Sepatah kalimat itulah yang membuatku seolah menemukan sebidang oasis di tengah padang pasir yang kering kerontang. Senang bukan kepalang. Padahal 'kan itu masih harus menjalani proses yang membuat kening sering tegang-kendur. Tapi, kalimat itu lumayan membuatku merasakan ada secercah gula di dalam kopi pahit itu, manis.

Kopi pahit itu pun habis kuminum. Di regukan terakhir aku baru sadar, ternyata kopi Taiwan memang tidak bergula.

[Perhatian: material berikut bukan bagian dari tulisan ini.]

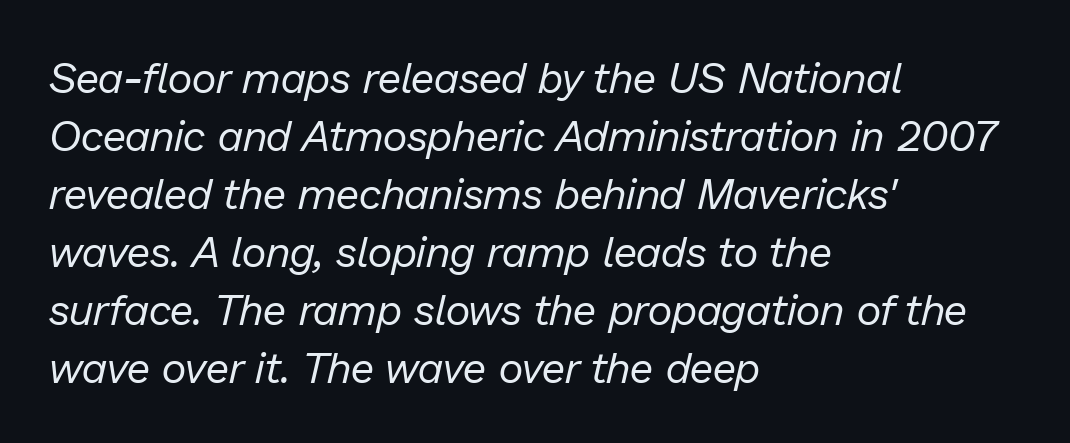
Q: Is the text bold? A: No.
Q: Is the text italic (slanted)? A: Yes, it leans right by about 13 degrees.
Q: Is the text underlined? A: No.
Q: How is the paragraph aligned? A: Left-aligned.
Q: Is the spacing between letters normal or unusually wide? A: Normal.
Q: Is the spacing between lines tight, normal or loose? A: Normal.
Q: Width (condensed, normal, or wide)? A: Normal.
Q: Stroke contrast? A: Low.
Q: x-height? A: Medium.
Q: Monospaced? A: No.
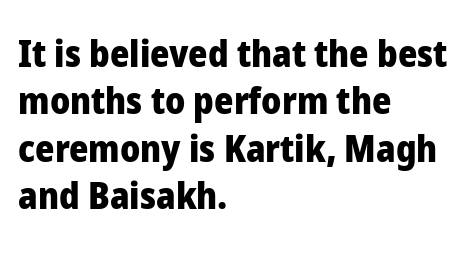
{"serif": "no", "italic": "no", "bold": "yes", "weight": "heavy", "width": "normal", "stroke_contrast": "low", "x_height": "medium", "monospaced": "no", "underline": "no", "align": "left", "line_spacing": "normal", "line_spacing_ratio": 1.28, "letter_spacing": "normal", "letter_spacing_em": 0.0, "glyph_px": 37}
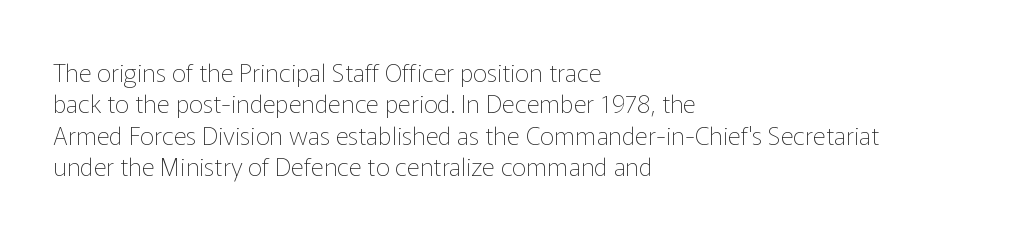
{"italic": "no", "bold": "no", "underline": "no", "align": "left", "line_spacing": "normal", "line_spacing_ratio": 1.26, "letter_spacing": "normal", "letter_spacing_em": 0.0, "glyph_px": 25}
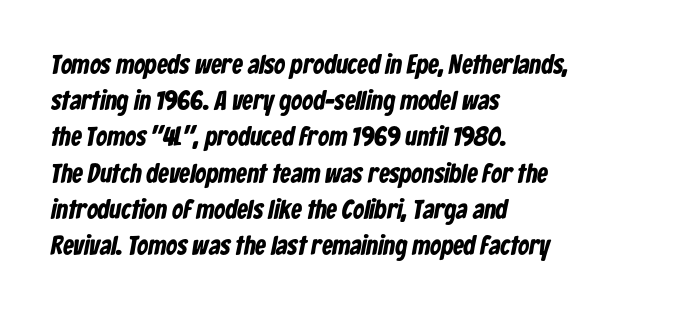
{"bold": "yes", "underline": "no", "align": "left", "line_spacing": "normal", "line_spacing_ratio": 1.34, "letter_spacing": "normal", "letter_spacing_em": 0.0, "glyph_px": 27}

Aslinya memang pahit, tapi bahan obrolan yang melatarinya membuat rasanya kadang berubah manis dan kadang lebih getir dari aslinya.
__________
Notabene:
  • Paper adalah sebuah makalah yang di dalamnya tertulis laporan dari sebuah penelitian, mulai dari "mengapa penelitian itu perlu dilakukan", "cara melakukan penelitian", "hasil penelitian", sampai dengan "kesimpulan yang dapat ditarik dari hasil penelitian tersebut".
  • SCI adalah singkatan dari "Science Citation Index" dan EI dari "Engineering Index". Paper yang masuk ke SCI berasal dari penelitian yang serius dan rumit. Sedangkan paper yang masuk ke EI berasal dari penelitian yang sederhana. Untuk peneliti pemula, seperti saya ini, menulis paper EI adalah pilihan yang tepat.
  • Oasis adalah daerah di padang pasir yang berair cukup untuk tumbuhan dan permukiman manusia.
  • Perang Cumbok adalah perang sesama anak Aceh akibat perbedaan pandangan dalam hal politik kepemimpinan yang terjadi pada tahun 1946, setelah proklamasi kemerdekaan RI. Hasan Saleh menyebut "Revolusi Politik" untuk kejadian yang menyedihkan ini. Sementara yang lain menyebutnya "Revolusi Sosial."